:: Directions for this task ::
Every picture should be left out, but the lines below must be repeated exactly.

:: Records shown ::
**********

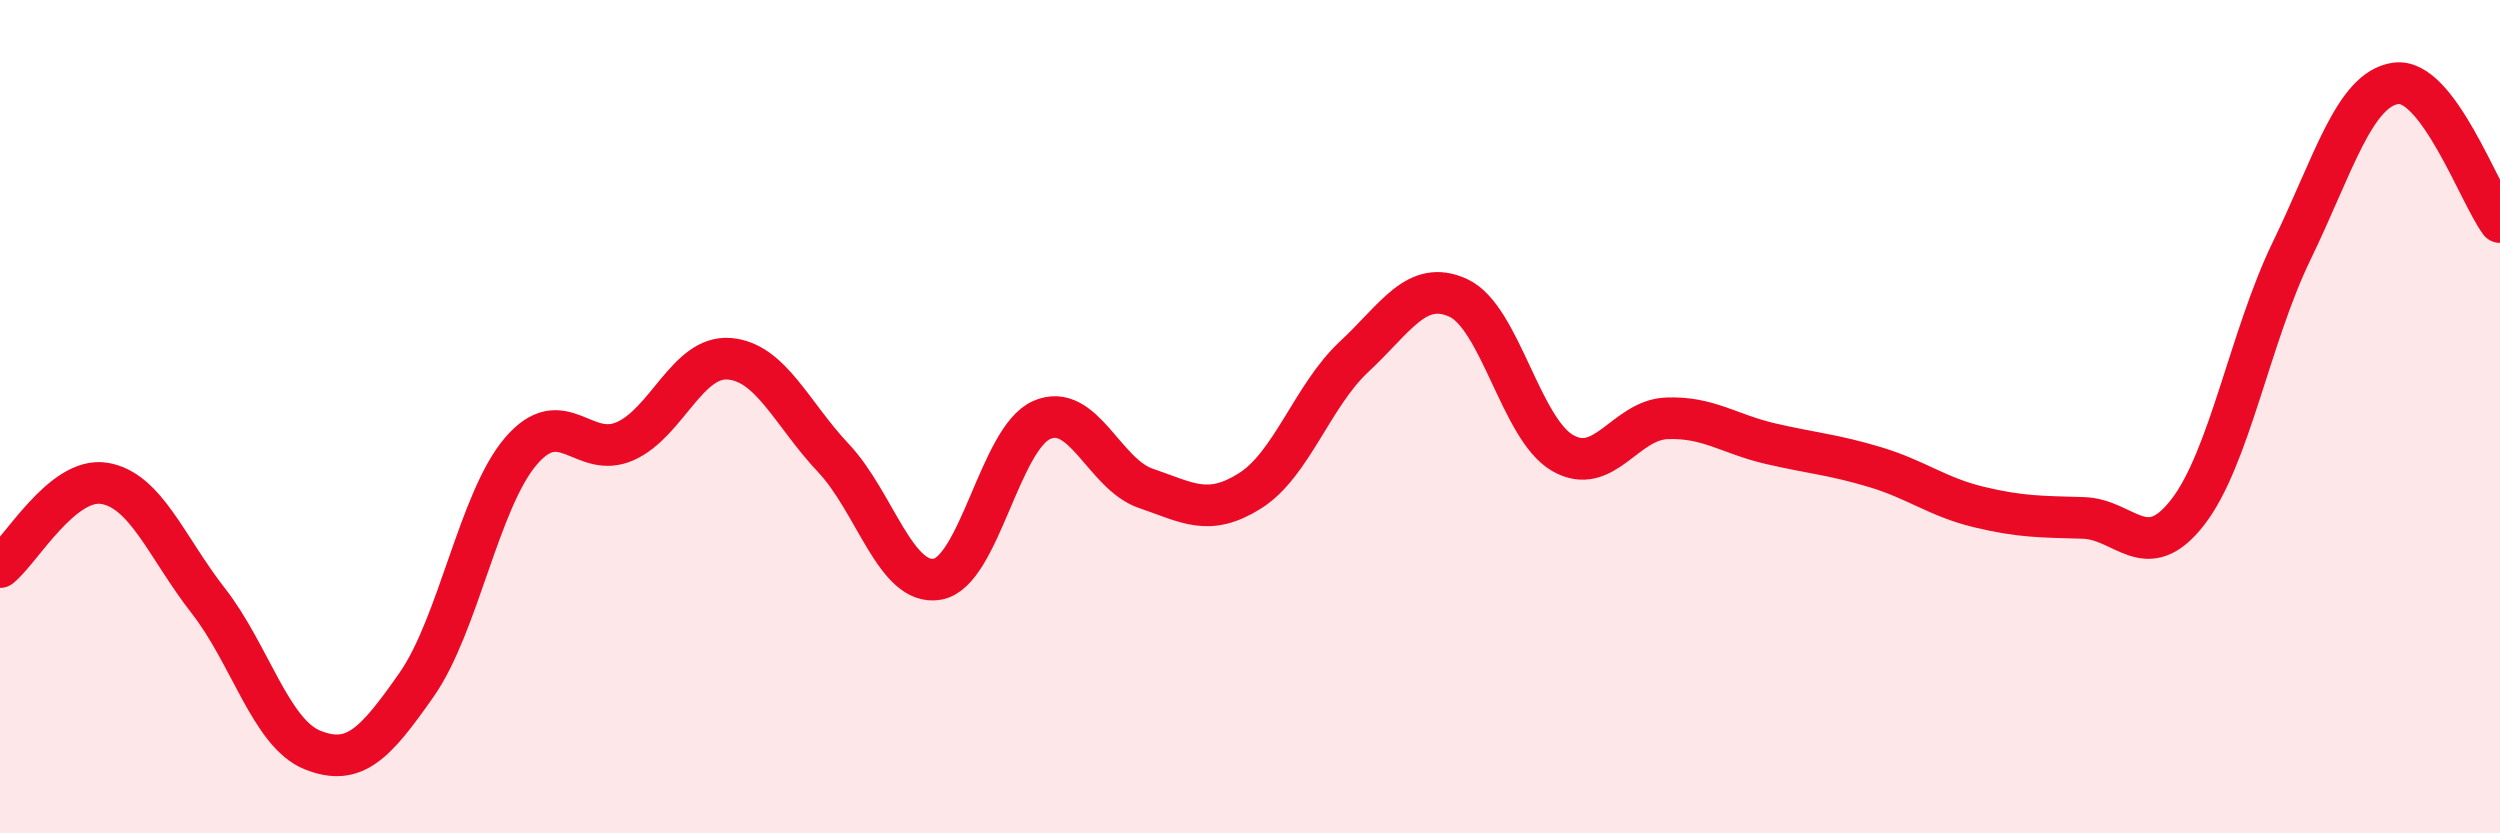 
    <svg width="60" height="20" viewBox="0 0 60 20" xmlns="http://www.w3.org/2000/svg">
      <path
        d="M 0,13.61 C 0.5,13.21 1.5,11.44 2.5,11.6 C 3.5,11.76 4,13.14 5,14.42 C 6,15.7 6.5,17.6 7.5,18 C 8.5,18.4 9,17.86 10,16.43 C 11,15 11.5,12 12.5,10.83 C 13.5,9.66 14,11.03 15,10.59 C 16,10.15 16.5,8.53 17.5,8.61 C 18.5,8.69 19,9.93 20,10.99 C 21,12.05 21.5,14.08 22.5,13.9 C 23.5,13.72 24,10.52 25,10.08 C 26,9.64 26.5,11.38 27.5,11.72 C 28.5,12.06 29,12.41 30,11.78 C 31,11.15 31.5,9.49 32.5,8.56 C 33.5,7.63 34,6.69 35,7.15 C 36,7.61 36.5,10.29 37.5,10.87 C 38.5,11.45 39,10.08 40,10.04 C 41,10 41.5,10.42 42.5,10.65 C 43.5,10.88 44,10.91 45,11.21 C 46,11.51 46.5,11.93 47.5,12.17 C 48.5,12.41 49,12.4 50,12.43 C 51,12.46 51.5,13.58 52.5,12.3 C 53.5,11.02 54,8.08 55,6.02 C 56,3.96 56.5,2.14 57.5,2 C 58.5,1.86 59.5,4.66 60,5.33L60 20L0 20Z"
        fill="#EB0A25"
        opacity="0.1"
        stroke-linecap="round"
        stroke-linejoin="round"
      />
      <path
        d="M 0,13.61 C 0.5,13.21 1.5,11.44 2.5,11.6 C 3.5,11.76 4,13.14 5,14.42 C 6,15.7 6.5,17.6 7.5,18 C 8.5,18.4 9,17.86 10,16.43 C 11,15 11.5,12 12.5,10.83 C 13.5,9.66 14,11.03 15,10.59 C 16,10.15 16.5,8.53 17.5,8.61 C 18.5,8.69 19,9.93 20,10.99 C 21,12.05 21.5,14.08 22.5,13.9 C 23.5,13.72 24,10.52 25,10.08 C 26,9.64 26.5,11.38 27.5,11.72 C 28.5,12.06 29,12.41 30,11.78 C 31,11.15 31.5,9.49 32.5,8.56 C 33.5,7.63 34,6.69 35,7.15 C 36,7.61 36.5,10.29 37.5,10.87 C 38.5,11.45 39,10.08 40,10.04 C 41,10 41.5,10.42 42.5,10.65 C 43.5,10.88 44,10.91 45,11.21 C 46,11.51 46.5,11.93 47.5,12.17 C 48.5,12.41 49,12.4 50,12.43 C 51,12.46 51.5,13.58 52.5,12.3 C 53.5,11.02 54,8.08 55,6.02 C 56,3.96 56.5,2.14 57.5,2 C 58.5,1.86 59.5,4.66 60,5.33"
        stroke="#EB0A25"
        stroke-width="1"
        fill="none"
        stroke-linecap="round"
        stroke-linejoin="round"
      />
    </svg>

**********

:: Answer box ::
    <svg width="60" height="20" viewBox="0 0 60 20" xmlns="http://www.w3.org/2000/svg">
      <path
        d="M 0,13.61 C 0.5,13.21 1.5,11.44 2.5,11.6 C 3.5,11.76 4,13.14 5,14.42 C 6,15.7 6.5,17.6 7.5,18 C 8.5,18.4 9,17.86 10,16.43 C 11,15 11.5,12 12.5,10.83 C 13.5,9.66 14,11.03 15,10.59 C 16,10.15 16.5,8.53 17.5,8.61 C 18.5,8.69 19,9.93 20,10.99 C 21,12.05 21.5,14.08 22.5,13.9 C 23.5,13.72 24,10.52 25,10.08 C 26,9.64 26.5,11.38 27.5,11.72 C 28.5,12.06 29,12.41 30,11.78 C 31,11.15 31.5,9.49 32.5,8.56 C 33.5,7.63 34,6.69 35,7.15 C 36,7.61 36.5,10.29 37.5,10.87 C 38.5,11.45 39,10.08 40,10.04 C 41,10 41.5,10.42 42.5,10.65 C 43.5,10.88 44,10.91 45,11.21 C 46,11.51 46.5,11.93 47.5,12.17 C 48.5,12.41 49,12.4 50,12.43 C 51,12.46 51.5,13.58 52.5,12.3 C 53.5,11.02 54,8.08 55,6.02 C 56,3.96 56.5,2.14 57.5,2 C 58.5,1.86 59.5,4.66 60,5.33L60 20L0 20Z"
        fill="#EB0A25"
        opacity="0.1"
        stroke-linecap="round"
        stroke-linejoin="round"
      />
      <path
        d="M 0,13.61 C 0.5,13.21 1.5,11.44 2.5,11.6 C 3.5,11.76 4,13.14 5,14.42 C 6,15.7 6.5,17.6 7.5,18 C 8.5,18.4 9,17.86 10,16.43 C 11,15 11.5,12 12.5,10.83 C 13.5,9.66 14,11.03 15,10.59 C 16,10.15 16.5,8.53 17.5,8.61 C 18.5,8.69 19,9.93 20,10.99 C 21,12.05 21.5,14.08 22.5,13.9 C 23.5,13.72 24,10.52 25,10.08 C 26,9.64 26.5,11.38 27.5,11.72 C 28.5,12.06 29,12.41 30,11.78 C 31,11.15 31.5,9.49 32.5,8.56 C 33.5,7.63 34,6.69 35,7.15 C 36,7.61 36.5,10.29 37.5,10.87 C 38.5,11.45 39,10.08 40,10.04 C 41,10 41.5,10.42 42.5,10.65 C 43.5,10.88 44,10.91 45,11.21 C 46,11.51 46.5,11.93 47.5,12.17 C 48.5,12.41 49,12.4 50,12.43 C 51,12.46 51.5,13.58 52.5,12.3 C 53.5,11.02 54,8.08 55,6.02 C 56,3.96 56.5,2.14 57.5,2 C 58.5,1.86 59.5,4.66 60,5.33"
        stroke="#EB0A25"
        stroke-width="1"
        fill="none"
        stroke-linecap="round"
        stroke-linejoin="round"
      />
    </svg>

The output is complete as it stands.